18. A roll assembly according to any preceding claim, wherein each of said projections has a cross-section which substantially fills the cross-section of the respective groove.

19. A roll assembly according to any preceding claim, wherein said grooves are of substantially dovetail section.

20. A roll assembly according to any preceding claim, wherein said projections are of substantially dovetail section.

21. A roll assembly according to any preceding claim, wherein substantially the whole of the inner surface of said arcuate portion, other than said radially inwardly extending projection, fits closely the periphery of the roll body.

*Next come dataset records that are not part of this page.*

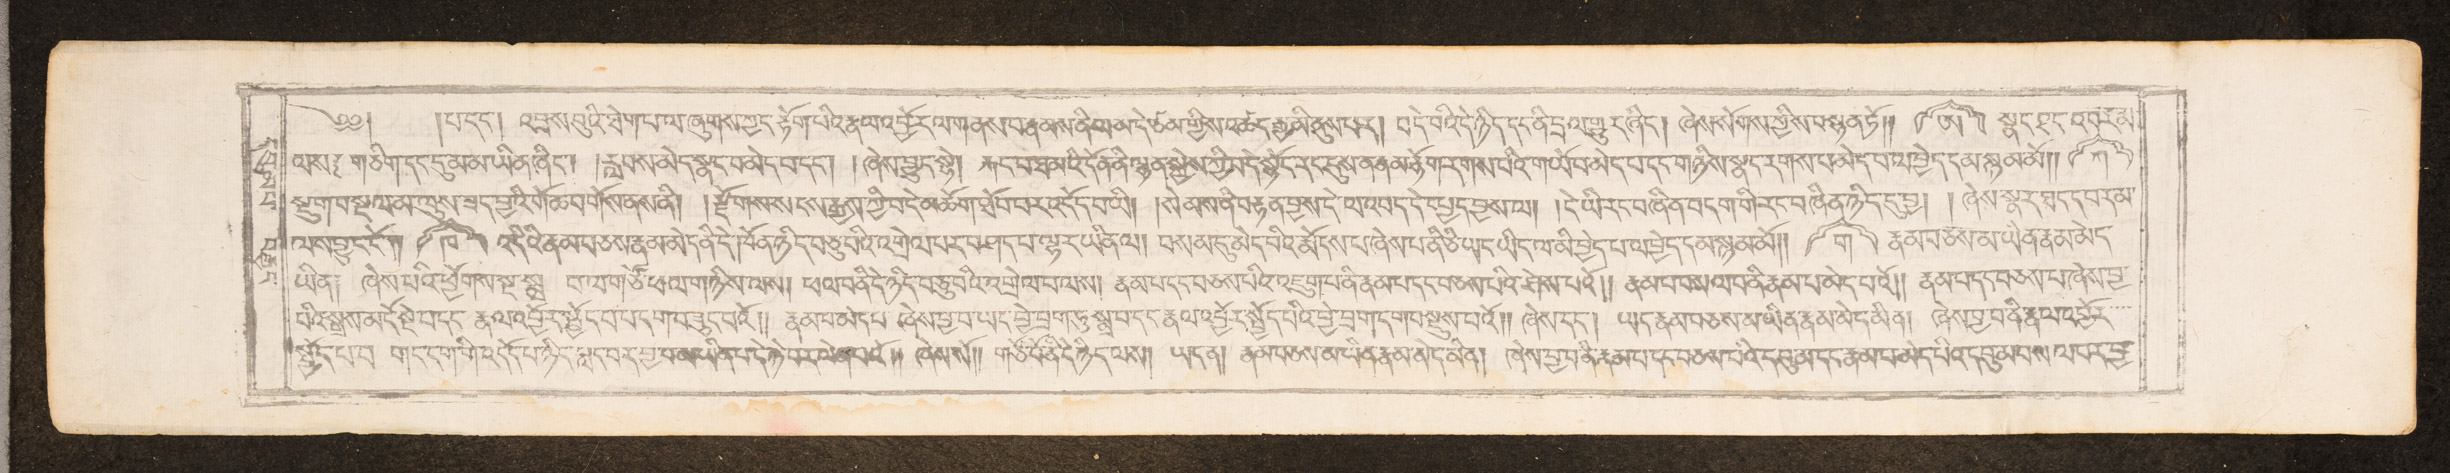༄༅། །པ་དང་། འབྲས་བུའི་ཐེག་པ་ལ་ཞུགས་ཀྱང་རྟོག་པའི་རྣལ་འབྱོར་ལ་གནས་པ་རྣམས་ནི་ལ་མ་དེ་ཙམ་གྱིས་འཚད་རྒྱ་མི་ནུས་པར། བདེ་བའི་དེ་ཉིད་དང་ནི་བྲལ་གྱུར་ཞིང་། ཞེས་སོགས་ཀྱིས་བྲྷན་ཏོ།། ༼༽ཨ༼༽ སྣར་ཐང་དཔར་མ་
ལས༑ གཅིག་དང་དུ་མ་མ་ཡིན་ཞིང་། །རླབས་མེད་སྣང་བ་མེད་པ་དང་། །ཞེས་བྱུང་ཤེ། རྐང་པ་ཧྟ་མའི་དོན་ནི་ལྷན་སྐྱེས་ཀྱི་བདེ་ཤོང་རང་དུས་ན་རྣམ་རྷོག་རགས་པའི་གཡོ་བ་མེད་པ་དང་གཉིས་སྣང་རགས་པ་མེད་པ་ལ་བྱེད་དམ་སྙམ་མོ།། ༼༽ཀ༼༽
སྡུག་བསྔལ་མ་ལུས་ཟད་བྱའི་གོ་ཆ་བགོས་ནས་ནི། །རྫོགས་སངས་རྒྱས་ཀྱི་བདེ་མཆོག་ཐོབ་པར་འདོད་པ་ཡི། །སེམས་ནི་བརྟན་བྱས་དེ་ལ་འབད་དེ་དཔྱད་བྱས་ལ། །དེ་ཡི་རང་བཞིན་བདག་གི་རང་བཞིན་ཉིད་དུ་བྱ། །ཞེས་སྣར་ཐང་དཔར་མ་
ལས་བྱུང་ངོ།། ༼༽ཁ༼༽ འདིའི་རྣམ་བཅས་རྣམ་མེད་ནི་དེ་ཁོན་ཉིད་བཅུ་པའི་འགྲེལ་པར་བཤད་པ་ལྷར་ཡིན་ལ། བསམ་དུ་མེད་པའི་རྨོངས་པ་ཞེས་པ་ནི་ཅི་ཡང་ཡིད་ལ་མི་བྱེད་པ་ལ་བྱེད་དམ་སྙམ་མོ།། ༼༽ག༼༽ རྣམ་བཅས་མ་ཡིན་རྣམ་མེད་
ཡིན༑ ཞེས་པའི་ཕྱོགས་སྔ་སྨྲ་བ་ལ་གཙོ་ཕལ་གཉིས་ལས། ཕལ་བ་ནི་དེ་ཉིད་པའི་འགྲེལ་བ་ལས། རྣམ་པ་དང་བཅས་པའི་འཇུག་པ་ནི་རྣམ་པ་དང་བཅས་པའི་ཤེས་པའོ།། རྣམ་པ་བསལ་བ་ནི་རྣམ་པ་མེད་པའོ།། རྣམ་པ་དང་བཅས་པ་ཞེས་བྱ་
པའི་སྒྲས་མདོ་སྡེ་པ་དང་རྣལ་འབྱོར་སྦྱོད་པ་བདག་བཟུང་བའོ།། རྣམ་པ་མེད་པ་ཞེས་བྱ་བ་ཡང་བྱེ་བྲག་ཏུ་སྨྲ་བ་དང་རྣམ་འབྱོར་པའི་བྱེ་བྲག་དག་བསྡུས་པའོ།། ཞེས་དང་། ཡང་རྣམ་བཅས་མ་ཡིན་རྣམ་མེད་མིན། ཞེས་བྱ་བ་ནི་རྣལ་འབྱོར་
སྤྱོད་པ་བ་གང་ངག་གི་འདོད་པ་ཉིད་བླང་བར་བྱ་བ་མ་ཡིན་པ་དེ་ཉེ་བར་ལེན་པའོ།། ཞེས་སོ།། གཙོ་བོ་ནི་དེ་ཉིད་ལས། ཡང་ན། རྣམ་བསམ་མ་ཡིན་རྣམ་མེད་མིན། ཞེས་བྱ་བ་ནི་རྣམ་པ་དང་བཅས་པའི་དབུ་མ་དང་རྣམ་པ་མེད་པའི་དབུ་མ་བསལ་བར་བྱ་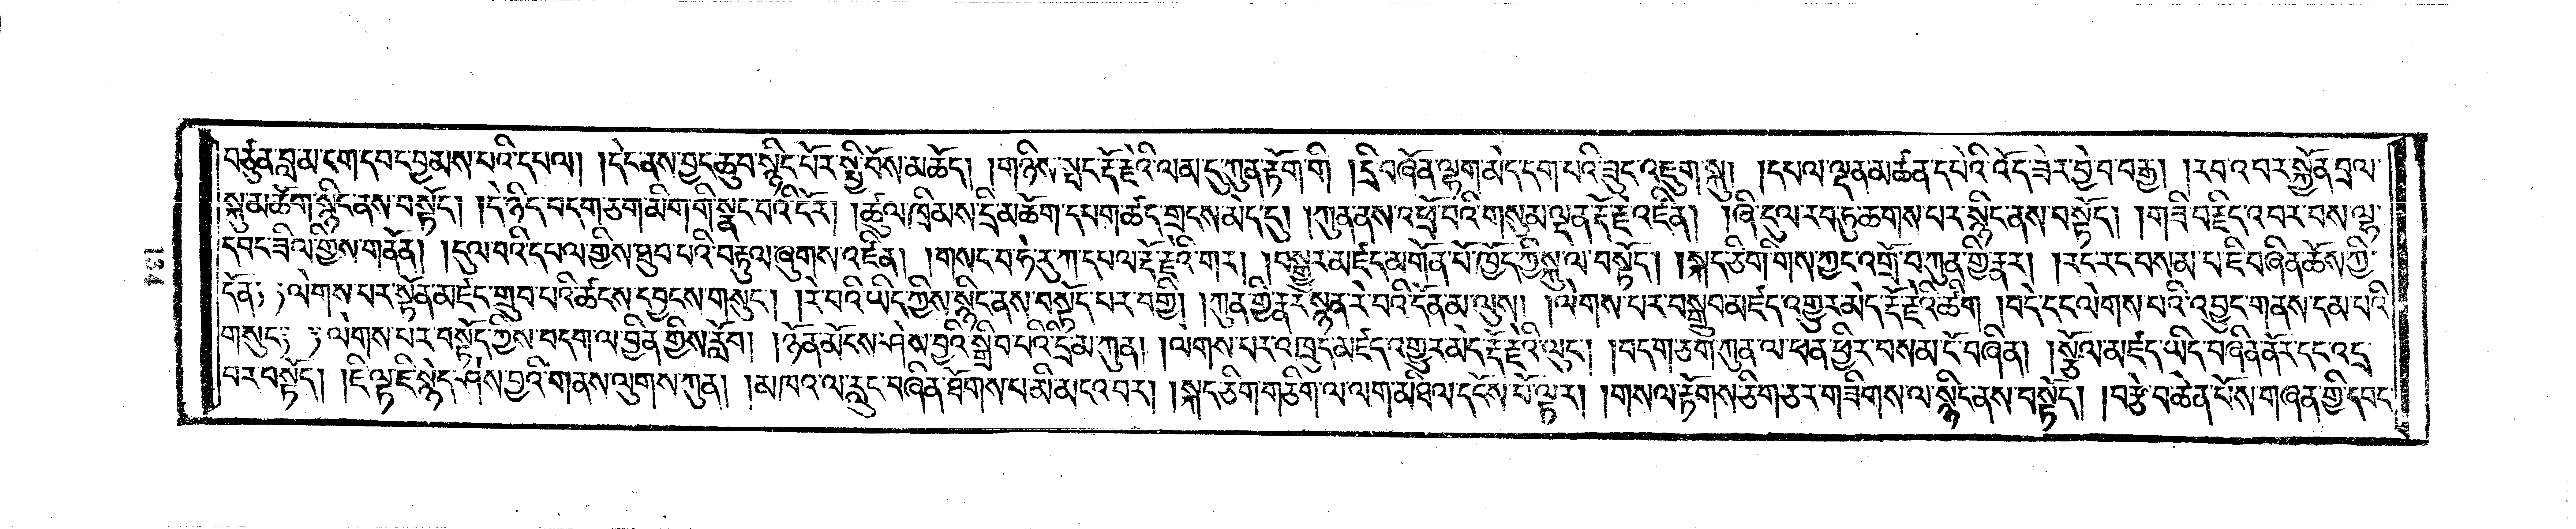བཙུན་བླ་མ་ངག་དབང་བྱམས་པའི་དཔལ། །དེང་ནས་བྱང་ཆུབ་སྙིང་པོར་སྤྱི་བོས་མཆོད། །གཉིས་སྤང་རྡོ་རྗེའི་ལམ་དུ་ཀུན་རྟོག་གི །དྲི་བཞོན་ལྷག་མེད་དག་པའི་ཟུང་འཇུག་སྐུ། །དཔལ་ལྡན་མཚན་དཔེའི་འོད་ཟེར་བྱེ་བ་བརྒྱ། །རབ་འབར་སྐྱོན་བྲལ་
སྐུ་མཆོག་སྙིང་ནས་བསྟོད། །དེ་ཉིད་བདག་ཅག་མིག་གི་སྣང་བའི་ངོར། །ཚུལ་ཁྲིམས་དྲི་མཆོག་དཔག་ཚད་གྲངས་མེད་དུ། །ཀུན་ནས་འཕྲོ་བའི་གསུམ་ལྡན་རྡོ་རྗེ་འཛིན། །ཞི་དུལ་རབ་ཏུ་ཆགས་པར་སྙིང་ནས་བསྟོད། །གཟི་བརྗིད་འབར་བས་ལྷ་
དབང་ཟིལ་གྱིས་གནོན། །དུལ་བའི་དཔལ་གྱིས་ཐུབ་པའི་བརྟུལ་ཞུགས་འཛིན། །གསང་བ་ཧེ་རུ་ཀ་དཔལ་རྡོ་རྗེའི་གར། །བསྒྱུར་མཛད་མགོན་པོ་ཁྱོད་ཀྱི་སྐུ་ལ་བསྟོད། །སྐད་ཅིག་གིས་ཀྱང་འགྲོ་བ་ཀུན་གྱི་རྣར། །རང་རང་བསམ་པ་ཇི་བཞིན་ཆོས་ཀྱི་
དོན༑ ༑ལེགས་པར་སྟོན་མཛད་གྲུབ་པའི་ཚངས་དབྱངས་གསུང་། །རེ་བའི་ཡིད་ཀྱིས་སྙིང་ནས་བསྟོད་པར་བགྱི། །ཀུན་གྱི་རྣར་སྙན་རེ་བའི་དོན་མ་ལུས། །ལེགས་པར་བསྒྲུབ་མཛད་འགྱུར་མེད་རྡོ་རྗེའི་ཚིག །བདེ་དང་ལེགས་བའི་འབྱུང་གནས་དམ་པའི་
གསུང༑ ༑ལེགས་པར་བསྟོད་ཀྱིས་བདག་ལ་བྱིན་གྱིས་རློབ། །ཉོན་མོངས་ཤེས་བྱའི་སྒྲིབ་པའི་དྲི་མ་ཀུན། །ལེགས་པར་འཁྲུད་མཛད་འགྱུར་མེད་རྡོ་རྗེའི་ལུང་། །བདག་ཅག་ཀུན་ལ་ཕན་ཕྱིར་བསམ་ངོ་བཞིན། །སྩོལ་མཛད་ཡིད་བཞིན་ནོར་དང་འདྲ་
བར་བསྟོད། །ཇི་ལྟ་ཇི་སྙེད་ཤེས་བྱའི་གནས་ལུགས་ཀུན། །མཁའ་ལ་རླུང་བཞིན་ཐོགས་པ་མི་མངའ་བར། །སྐད་ཅིག་གཅིག་ལ་ལག་མཐིལ་དངོས་པོ་ལྟར། །གསལ་རྟོགས་ཅིག་ཅར་གཟིགས་ལ་སྙིང་ནས་བསྟོད། །བརྩེ་བ་ཆེན་པོས་གཞན་གྱི་དབང་

22. A roller crusher comprising a housing and a roll assembly mounted in bearings in the housing and defining a nip between the roll assembly and a further member, such that material may enter the nip and be crushed by the roll assembly, wherein the roll assembly is in accordance with any one of the preceding claims, and the roll assembly is so mounted in the housing as to afford between at least one end of the roll assembly and its respective bearing a spacing which is at least equal to the width of one of the tooth bearing segments such that, upon releasing the respective abutment means, the tooth bearing segments may be slid axially along the grooves into positions in which they may be removed from the roll assembly in a direction radially of the roll assembly, without removing the roll assembly from its bearings.

23. A roller crusher according to Claim 22, comprising two said roll assemblies mounted for contra-rotation and adapted to co-operate with one another to define said nip.

24. A roller crusher according to Claim 22 or 23, further comprising a wear plate which is detachably mounted on said housing to cover at least part of said spacinq.